[Work order] Return each entry below exactly. Skip the images.

[Listed records]
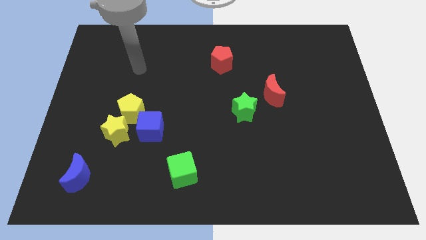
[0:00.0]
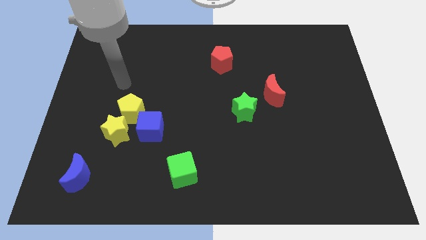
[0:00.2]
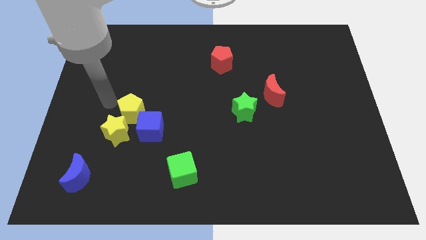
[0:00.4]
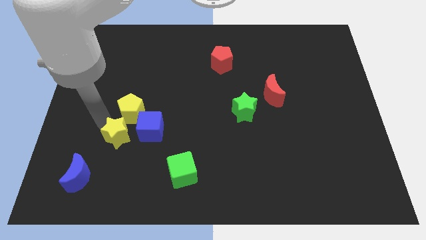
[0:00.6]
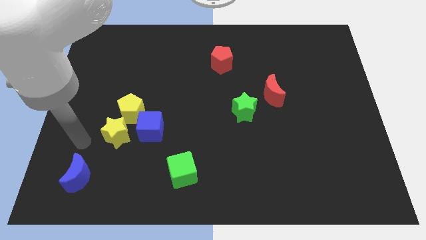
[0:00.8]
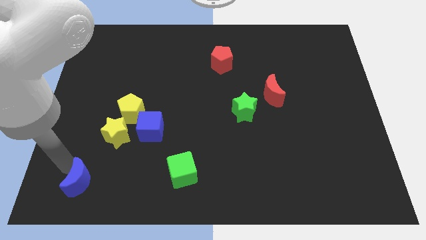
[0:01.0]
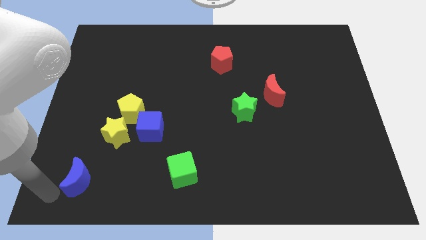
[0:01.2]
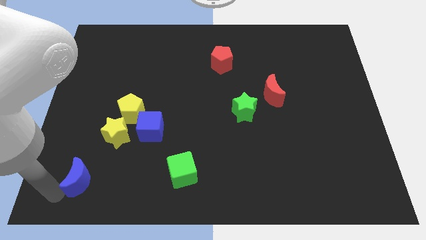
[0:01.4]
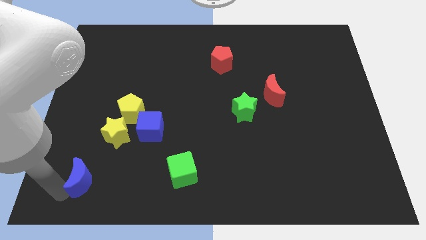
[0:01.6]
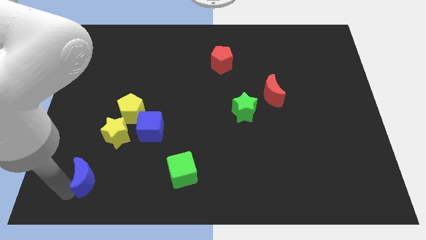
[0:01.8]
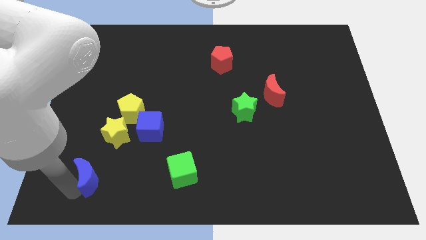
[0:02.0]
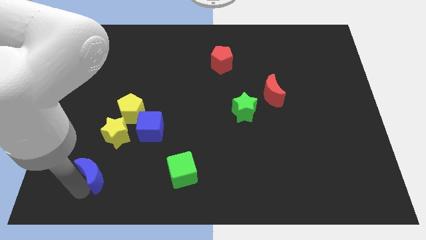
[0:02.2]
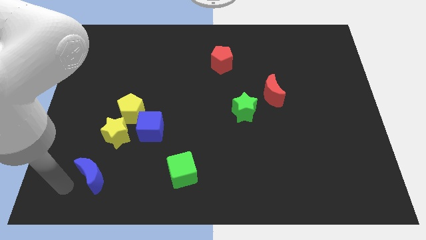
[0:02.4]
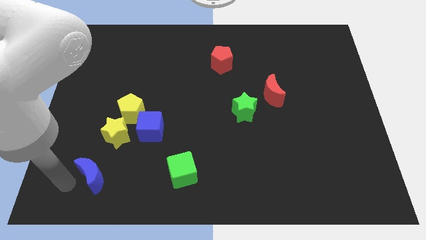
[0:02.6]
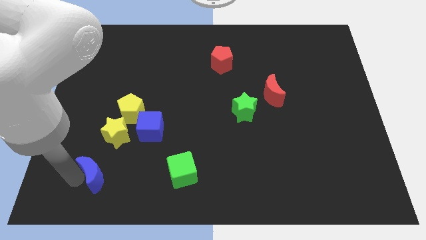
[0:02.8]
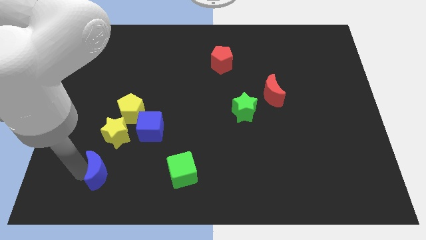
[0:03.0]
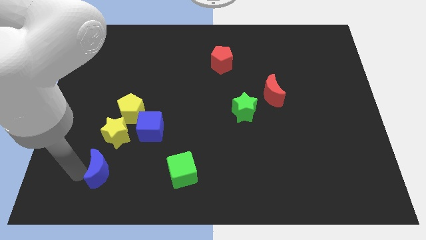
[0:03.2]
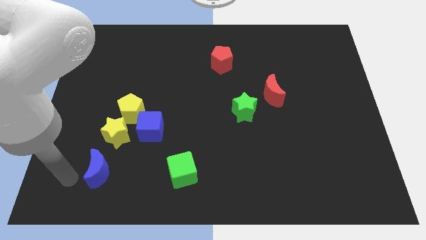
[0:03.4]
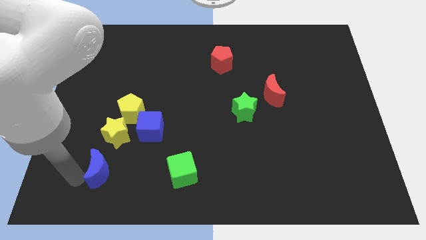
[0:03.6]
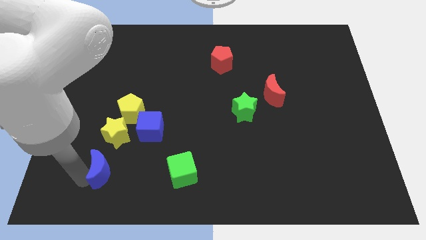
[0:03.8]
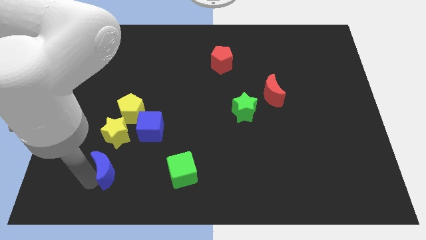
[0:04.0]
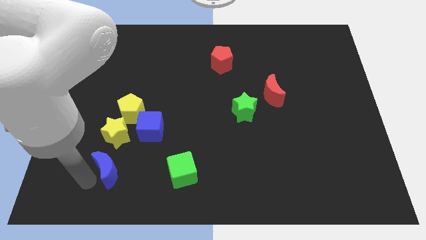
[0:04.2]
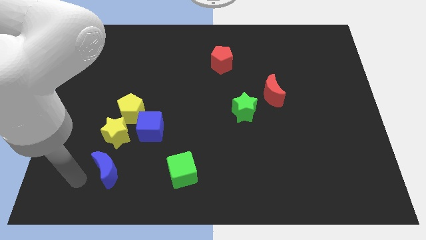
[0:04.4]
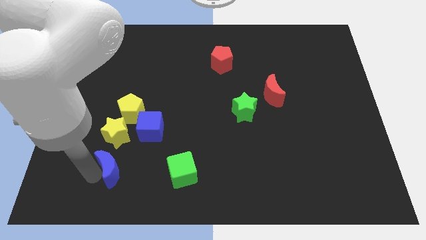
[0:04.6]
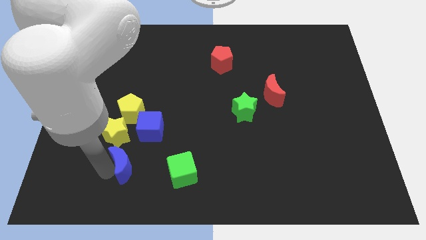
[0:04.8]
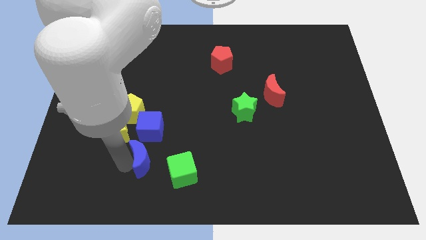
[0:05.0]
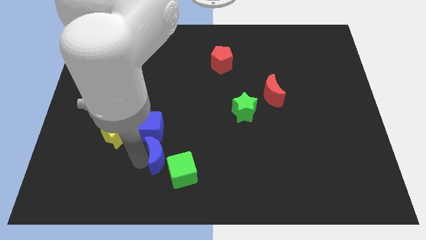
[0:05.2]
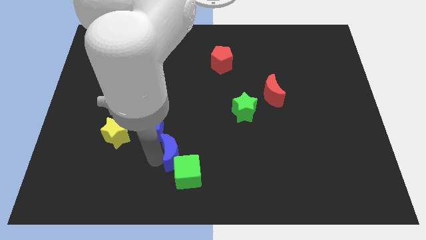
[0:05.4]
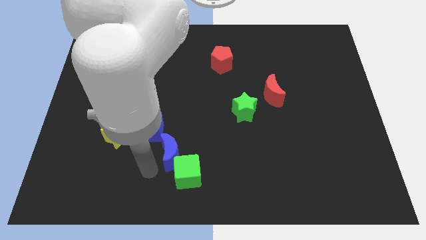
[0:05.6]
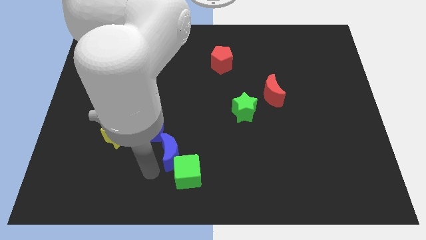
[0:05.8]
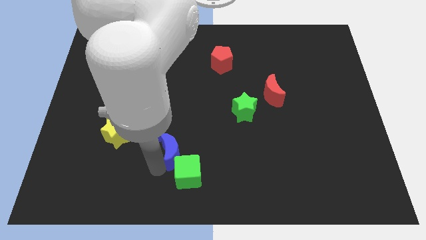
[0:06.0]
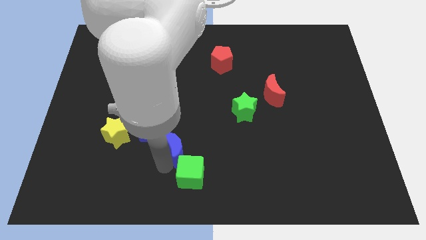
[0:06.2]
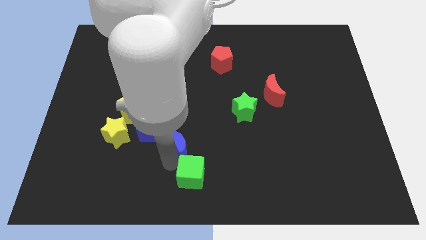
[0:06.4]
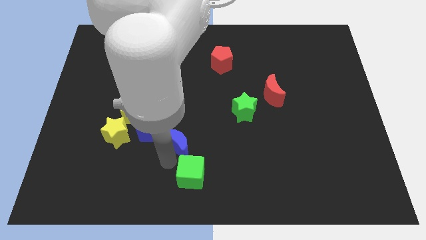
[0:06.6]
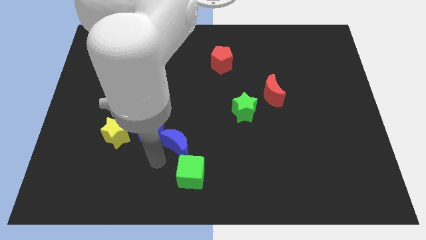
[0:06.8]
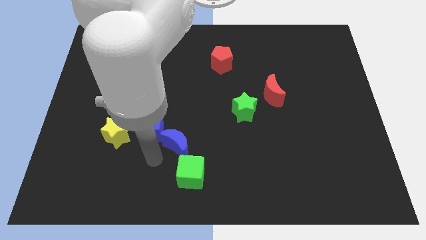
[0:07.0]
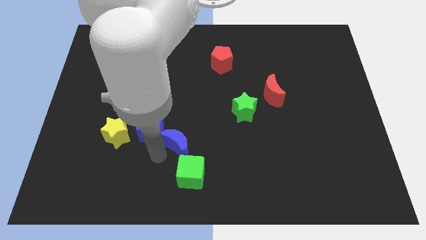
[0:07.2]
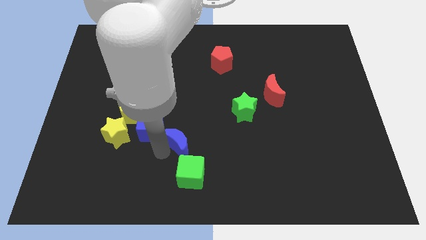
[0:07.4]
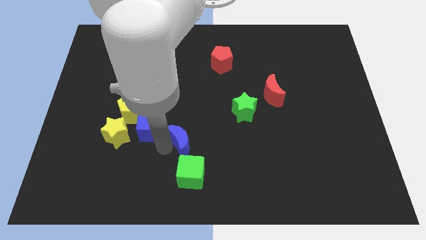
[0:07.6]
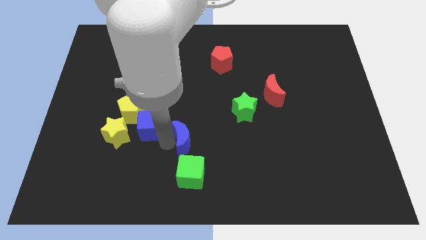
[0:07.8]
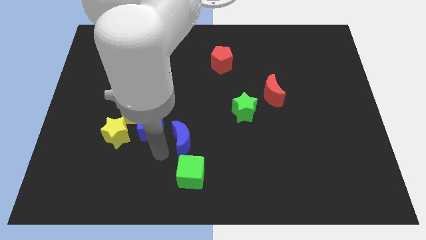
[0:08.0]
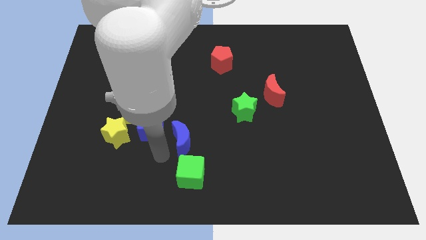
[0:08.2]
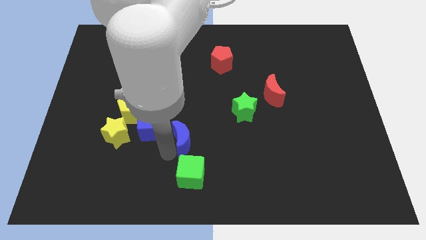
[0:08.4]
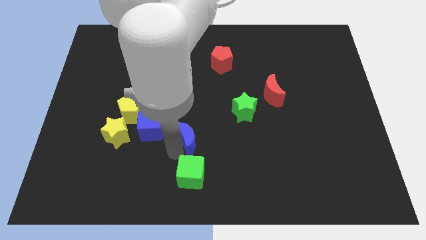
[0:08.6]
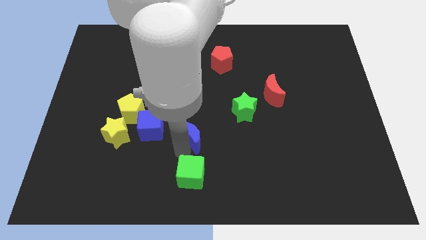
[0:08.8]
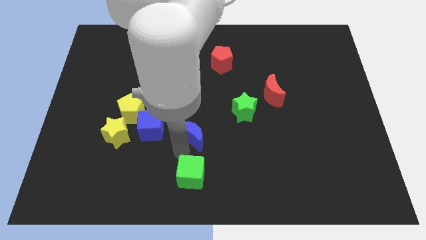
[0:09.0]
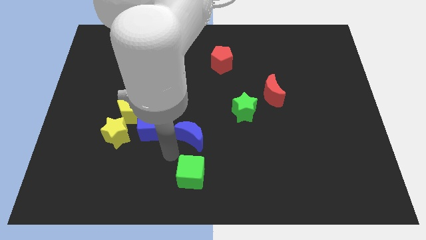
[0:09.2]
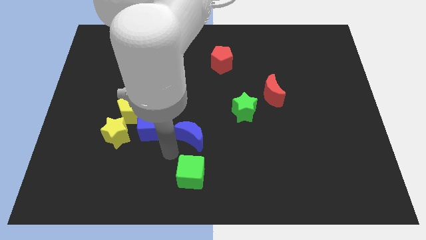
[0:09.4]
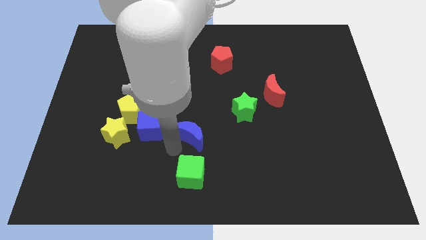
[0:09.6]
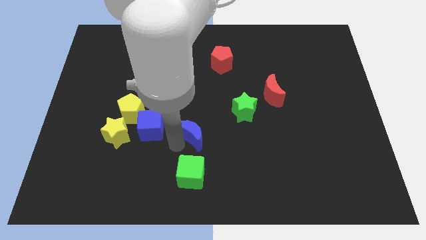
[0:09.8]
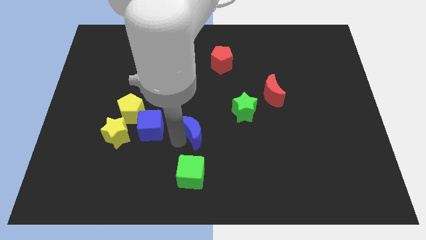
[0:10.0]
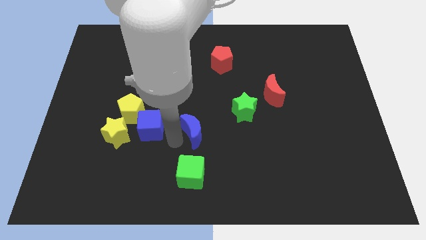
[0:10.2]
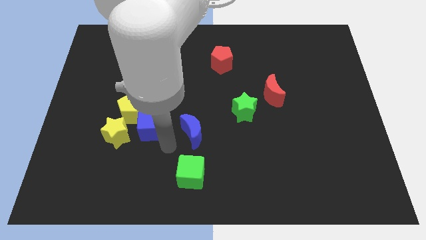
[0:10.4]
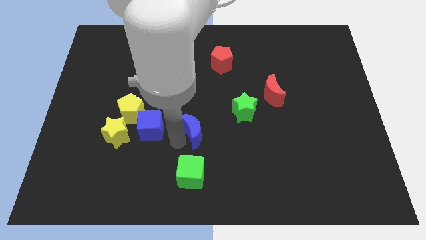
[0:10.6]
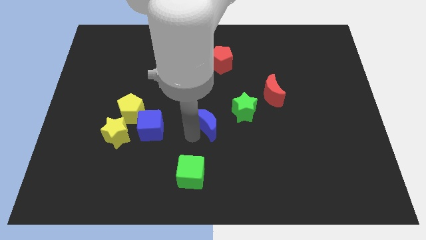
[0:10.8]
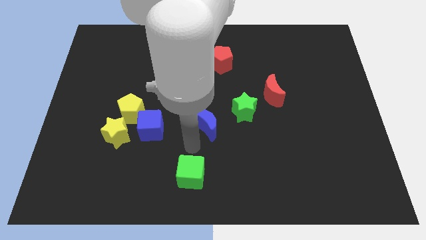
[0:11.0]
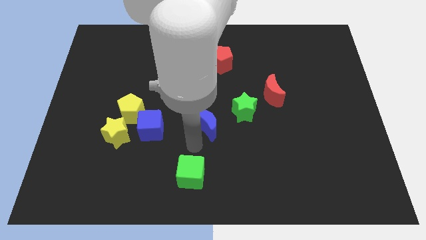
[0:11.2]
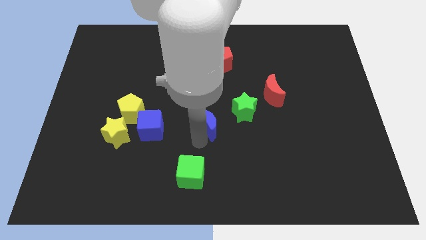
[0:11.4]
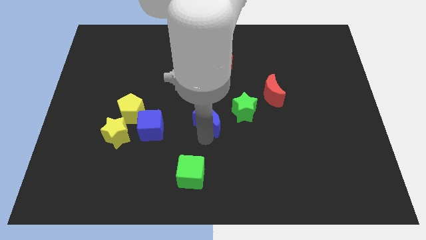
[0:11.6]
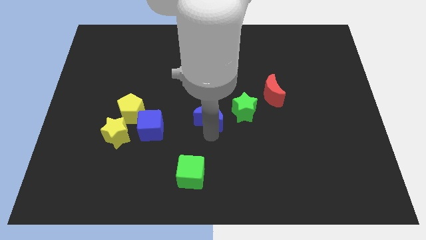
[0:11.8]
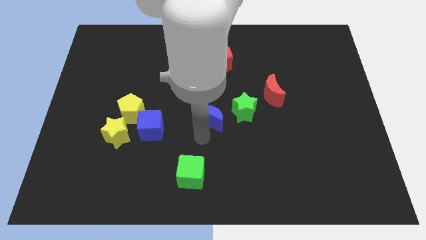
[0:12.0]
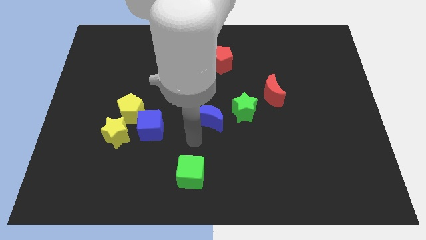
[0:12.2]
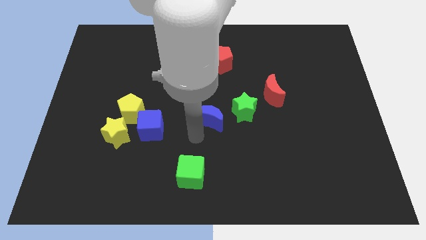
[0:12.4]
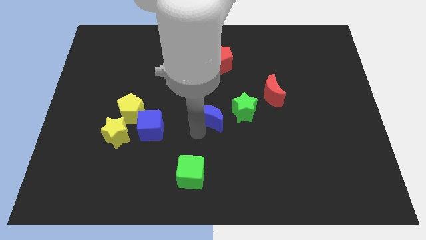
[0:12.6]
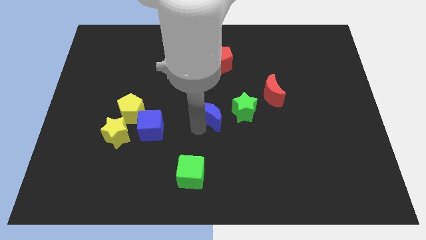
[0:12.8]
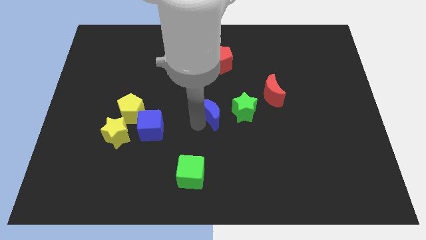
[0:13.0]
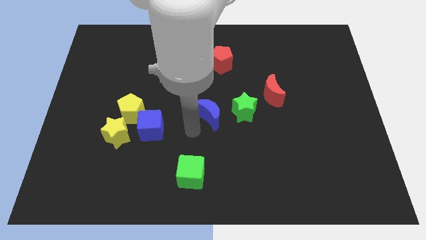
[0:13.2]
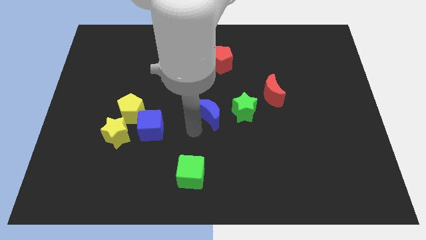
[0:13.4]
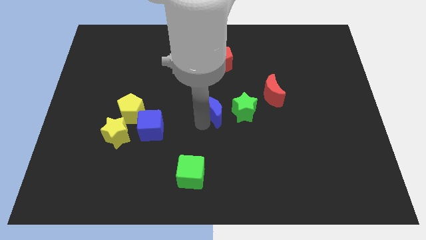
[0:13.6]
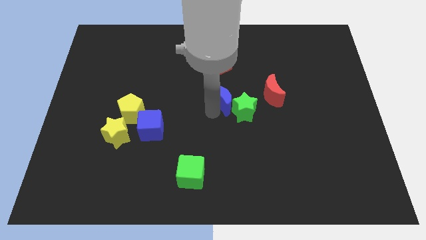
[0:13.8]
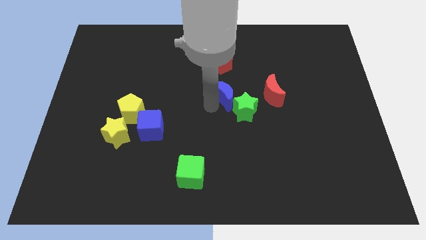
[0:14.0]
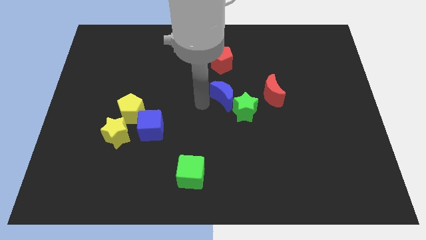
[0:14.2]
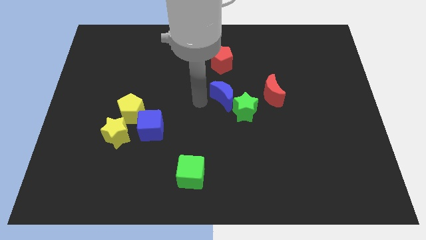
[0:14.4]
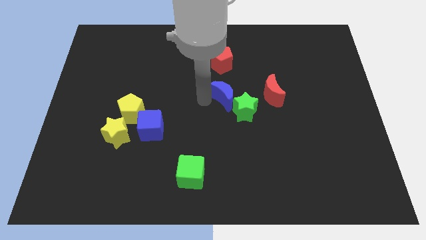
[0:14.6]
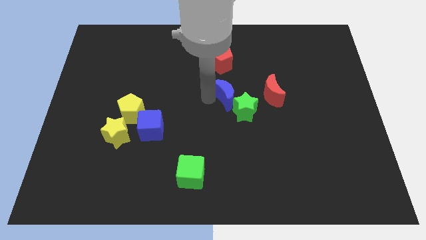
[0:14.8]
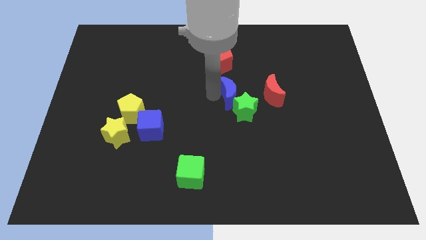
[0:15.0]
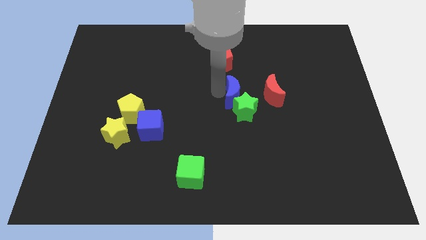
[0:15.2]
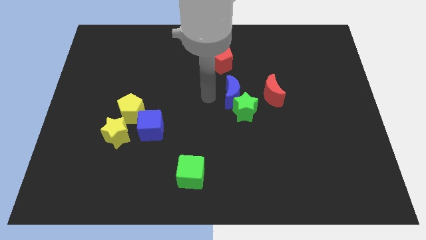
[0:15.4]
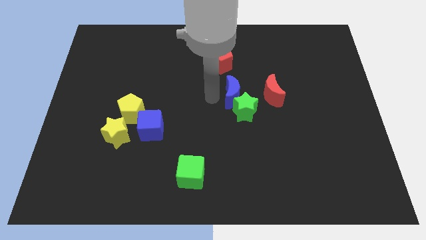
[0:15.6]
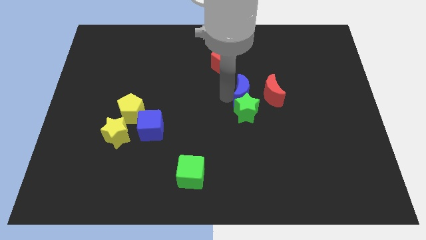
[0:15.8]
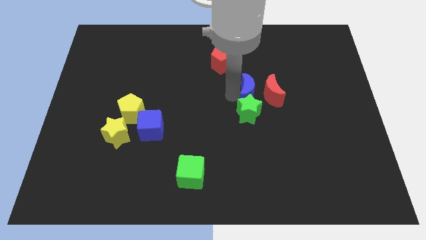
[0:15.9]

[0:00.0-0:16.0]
move the blue moon towards the red moon

[Solved problem]
[0:00.0]
[0:00.2]
[0:00.4]
[0:00.6]
[0:00.8]
[0:01.0]
[0:01.2]
[0:01.4]
[0:01.6]
[0:01.8]
[0:02.0]
[0:02.2]
[0:02.4]
[0:02.6]
[0:02.8]
[0:03.0]
[0:03.2]
[0:03.4]
[0:03.6]
[0:03.8]
[0:04.0]
[0:04.2]
[0:04.4]
[0:04.6]
[0:04.8]
[0:05.0]
[0:05.2]
[0:05.4]
[0:05.6]
[0:05.8]
[0:06.0]
[0:06.2]
[0:06.4]
[0:06.6]
[0:06.8]
[0:07.0]
[0:07.2]
[0:07.4]
[0:07.6]
[0:07.8]
[0:08.0]
[0:08.2]
[0:08.4]
[0:08.6]
[0:08.8]
[0:09.0]
[0:09.2]
[0:09.4]
[0:09.6]
[0:09.8]
[0:10.0]
[0:10.2]
[0:10.4]
[0:10.6]
[0:10.8]
[0:11.0]
[0:11.2]
[0:11.4]
[0:11.6]
[0:11.8]
[0:12.0]
[0:12.2]
[0:12.4]
[0:12.6]
[0:12.8]
[0:13.0]
[0:13.2]
[0:13.4]
[0:13.6]
[0:13.8]
[0:14.0]
[0:14.2]
[0:14.4]
[0:14.6]
[0:14.8]
[0:15.0]
[0:15.2]
[0:15.4]
[0:15.6]
[0:15.8]
[0:15.9]

[0:00.0-0:16.0]
move the blue moon towards the red moon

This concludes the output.